There are several tests doctors may perform to reach a diagnosis, including a physical examination and a complete medical history of the patient, blood tests, an electromyography, a muscle biopsy, brain imaging tests and genetic tests.
Physical examination and medical history
TK2d diagnosis often starts with conducting a physical examination and gathering all known medical history of the patient.
The doctor will examine the patient and look for signs and symptoms of the disease, which often include low muscle tone and muscle weakness.
Babies affected by the disease may have feeding difficulties or trouble breathing. Children may show signs of developmental delays, learning difficulties, hearing loss and epilepsy.
Muscle weakness may also affect the facial muscles and lead to facial paralysis, droopy eyelids and difficulty moving the eyes.
Most common in patients with late-onset disease, which occurs when symptoms appear after age 12, weakness in the shoulder muscles can cause the shoulder blade to stick out, also known as scapular winging.
Blood tests
A doctor may also suggest a blood test to check the levels of creatine kinase (CK).
CK is an enzyme found in the skeletal muscles, heart muscle and brain. If muscles are damaged, it can leak into the bloodstream and be detected by a blood test.

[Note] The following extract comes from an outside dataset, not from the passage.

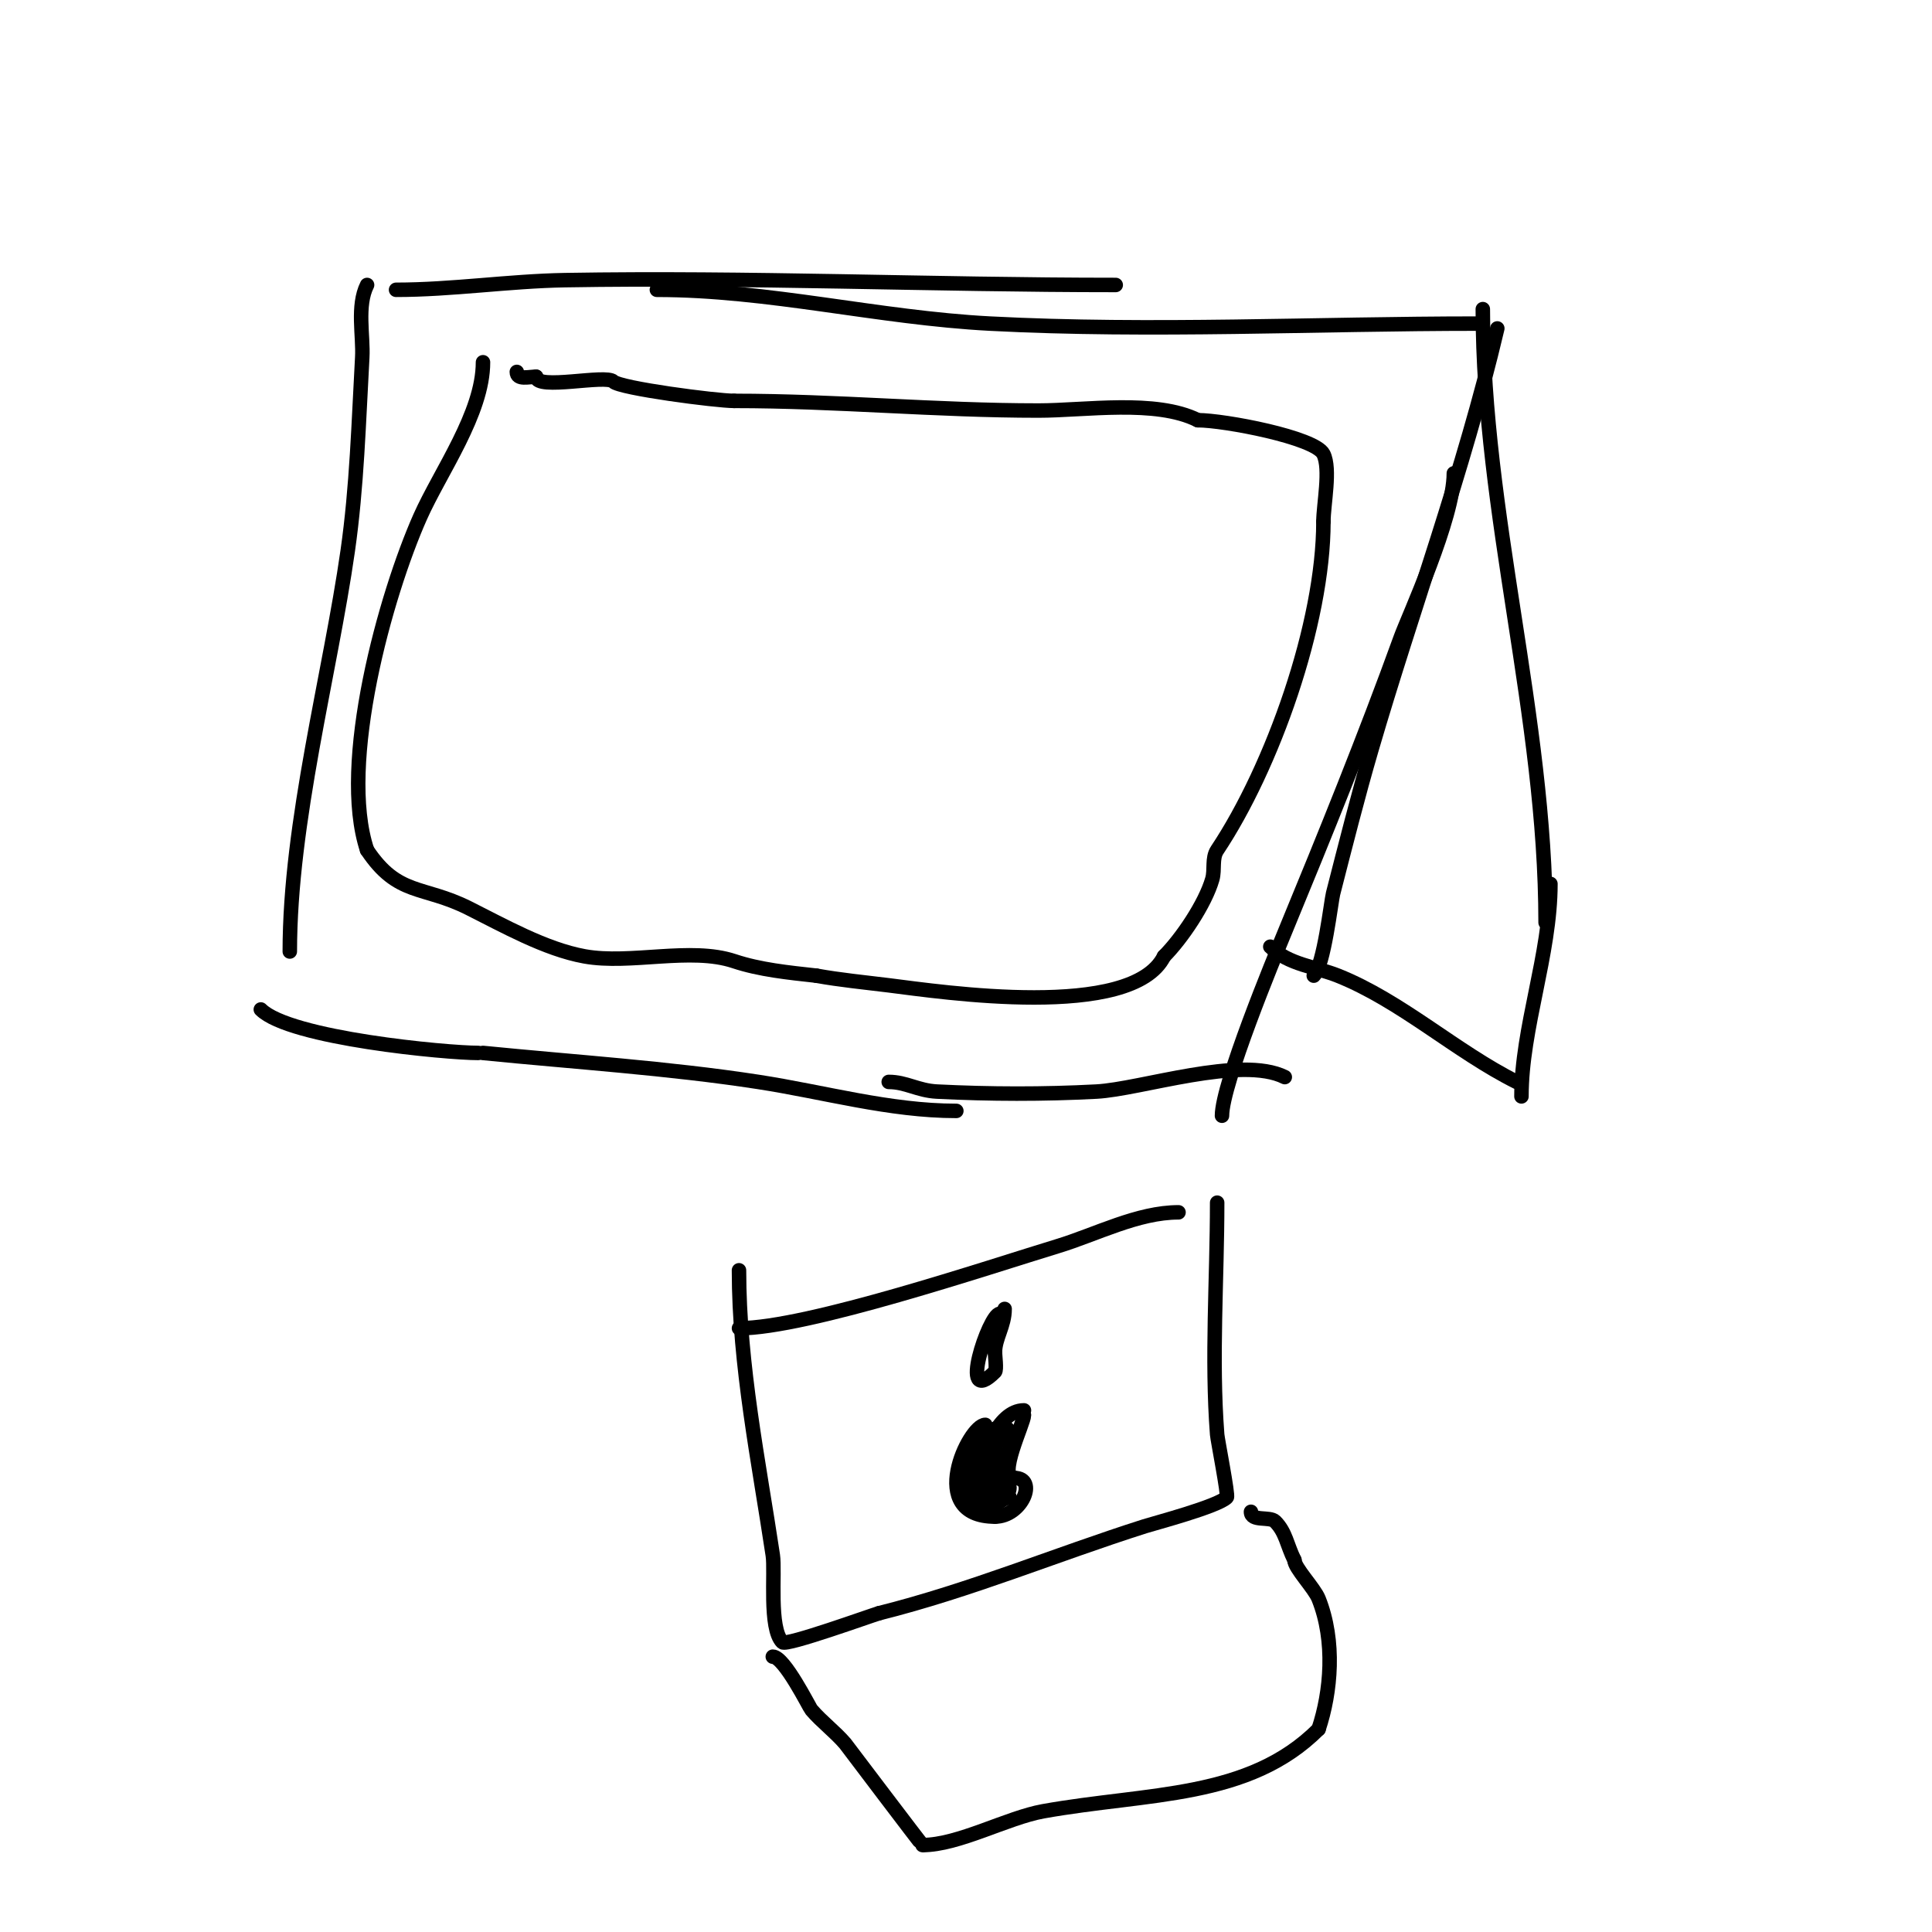 <svg viewBox='0 0 400 400' version='1.1' xmlns='http://www.w3.org/2000/svg' xmlns:xlink='http://www.w3.org/1999/xlink'><g fill='none' stroke='#000000' stroke-width='3' stroke-linecap='round' stroke-linejoin='round'><path d='M76,59c-2.172,4.344 -0.752,10.537 -1,15c-0.742,13.35 -1.109,26.764 -3,40c-3.641,25.489 -12,56.162 -12,83'/><path d='M82,60c11.61,0 23.373,-1.803 35,-2c38,-0.644 76.056,1 114,1'/><path d='M136,60c23.188,0 45.785,5.794 69,7c33.456,1.738 67.47,0 101,0'/><path d='M310,68c-6.952,29.545 -17.491,57.89 -26,87c-2.904,9.934 -5.429,19.975 -8,30c-0.417,1.624 -1.887,14.887 -4,17'/><path d='M301,98c0,9.271 -9.484,29.814 -11,34c-7.439,20.545 -15.658,40.804 -24,61c-2.188,5.297 -13,31.445 -13,38'/><path d='M266,223c-9.07,-4.535 -29.814,2.517 -39,3c-10.985,0.578 -22.014,0.549 -33,0c-3.989,-0.199 -6.407,-2 -10,-2'/><path d='M198,230c-13.854,0 -27.325,-3.896 -41,-6c-18.73,-2.882 -38.106,-4.111 -57,-6'/><path d='M99,218c-6.506,0 -39.014,-3.014 -45,-9'/><path d='M307,64c0,42.375 13,84.407 13,127'/><path d='M321,183c0,14.662 -6,29.82 -6,44'/><path d='M314,224c-12.613,-6.306 -23.865,-16.746 -37,-22c-4.541,-1.816 -10.305,-2.305 -14,-6'/><path d='M100,75c0,10.541 -8.867,22.7 -13,32c-7.141,16.066 -16.96,51.12 -11,69'/><path d='M76,176c6.374,9.562 11.527,7.263 21,12c7.21,3.605 15.872,8.522 24,10c9.542,1.735 21.963,-2.012 31,1c5.348,1.783 11.237,2.36 17,3'/><path d='M169,202c4.963,0.902 9.995,1.374 15,2c10.983,1.373 50.338,7.324 57,-6'/><path d='M241,198c3.611,-3.611 8.532,-10.861 10,-16c0.557,-1.95 -0.125,-4.313 1,-6c11.42,-17.13 22,-46.934 22,-68'/><path d='M274,108c0,-3.534 1.55,-10.901 0,-14c-1.72,-3.44 -20.549,-7 -26,-7'/><path d='M248,87c-8.746,-4.373 -23.37,-2 -33,-2c-21.172,0 -41.815,-2 -63,-2'/><path d='M152,83c-3.681,0 -23.604,-2.604 -25,-4c-1.555,-1.555 -16,1.875 -16,-1'/><path d='M111,78c-1.496,0 -4,0.725 -4,-1'/><path d='M153,275c14.095,0 51.696,-12.647 66,-17c7.948,-2.419 16.561,-7 25,-7'/><path d='M252,249c0,15.865 -1.216,32.189 0,48c0.086,1.12 2.356,12.644 2,13c-1.922,1.922 -14.97,5.354 -17,6c-18.511,5.89 -36.069,13.267 -55,18'/><path d='M182,334c-1.656,0.473 -19.181,6.819 -20,6c-2.851,-2.851 -1.479,-14.527 -2,-18c-2.915,-19.436 -7,-39.303 -7,-59'/><path d='M160,343c2.392,0 7.567,10.495 8,11c2.147,2.505 4.853,4.495 7,7c0.106,0.123 15.864,21 16,21'/><path d='M191,382c7.471,0 17.528,-5.666 25,-7c21.852,-3.902 42.501,-2.501 57,-17'/><path d='M273,358c2.561,-7.682 3.512,-18.221 0,-27c-0.884,-2.21 -5,-6.395 -5,-8'/><path d='M268,323c-1.587,-3.173 -1.753,-5.753 -4,-8c-1.1,-1.1 -5,0.082 -5,-2'/><path d='M207,272c-2.208,0 -8.845,19.845 -1,12c0.39,-0.39 0,-3.39 0,-4'/><path d='M206,280c0,-2.972 2,-5.489 2,-9'/><path d='M204,295c-3.401,0 -12.566,19 2,19'/><path d='M206,314c5.569,0 8.949,-8 4,-8'/><path d='M210,306c-3.601,0 2,-11.346 2,-13'/><path d='M212,292c-5.41,0 -9,9.43 -9,15'/><path d='M203,307c0,4.494 2.687,-5.375 3,-6c1.02,-2.04 -2,-3.136 -2,-1'/><path d='M204,300c-4.755,9.509 3,13.467 3,6'/><path d='M207,306c6.033,-12.067 -2,-16.01 -2,1'/><path d='M205,307c0,1.249 -1.864,3.136 -1,4c1.168,1.168 4.039,-1 5,-1'/><path d='M209,310c-3.208,0 -6.273,1.727 -8,0c-2.507,-2.507 2.74,-13 4,-13'/><path d='M205,297c0,-1.872 4.91,-1.91 3,0c-2.733,2.733 -4,6.35 -4,11'/><path d='M204,308c-3.444,6.889 5,3.233 5,0'/><path d='M209,308'/></g>
</svg>

The levels of CK are elevated in patients with TK2d. However, CK levels are not specific to this disease, and other conditions can also cause CK levels to be elevated.
Electromyography
An electromyography allows doctors to see how TK2d has affected the muscles.
In this test, doctors record the muscle’s responses to an electric stimulation. One or more electrodes are inserted into the muscle to record its electrical activity, which is displayed on a monitor in the form of waves.
An electromyography can also pick up the myopathic changes that occur in the muscles of patients with TK2d.
Muscle biopsy
A muscle biopsy can further help identify changes that occur in the muscle tissue due to TK2d. It involves the removal of a small portion of muscle tissue, which is then stained and viewed under a microscope.
Muscle biopsies from a patient with TK2d typically show abnormalities in the mitochondria and contain abundant ragged-red fibers.
Brain imaging tests
Brain imaging tests, like a computed tomography (CT) scan or a magnetic resonance imaging (MRI), may help visualize the changes that occur in the brain due to TK2d.
Genetic testing
Genetic testing for variants of the TK2 gene can confirm a diagnosis of TK2d.
Here, a small blood sample is taken to isolate DNA from it.
There are over 30 mutations in the TK2 gene that are known to be associated with TK2d. The identification of any one of these genes can confirm a diagnosis of the disease.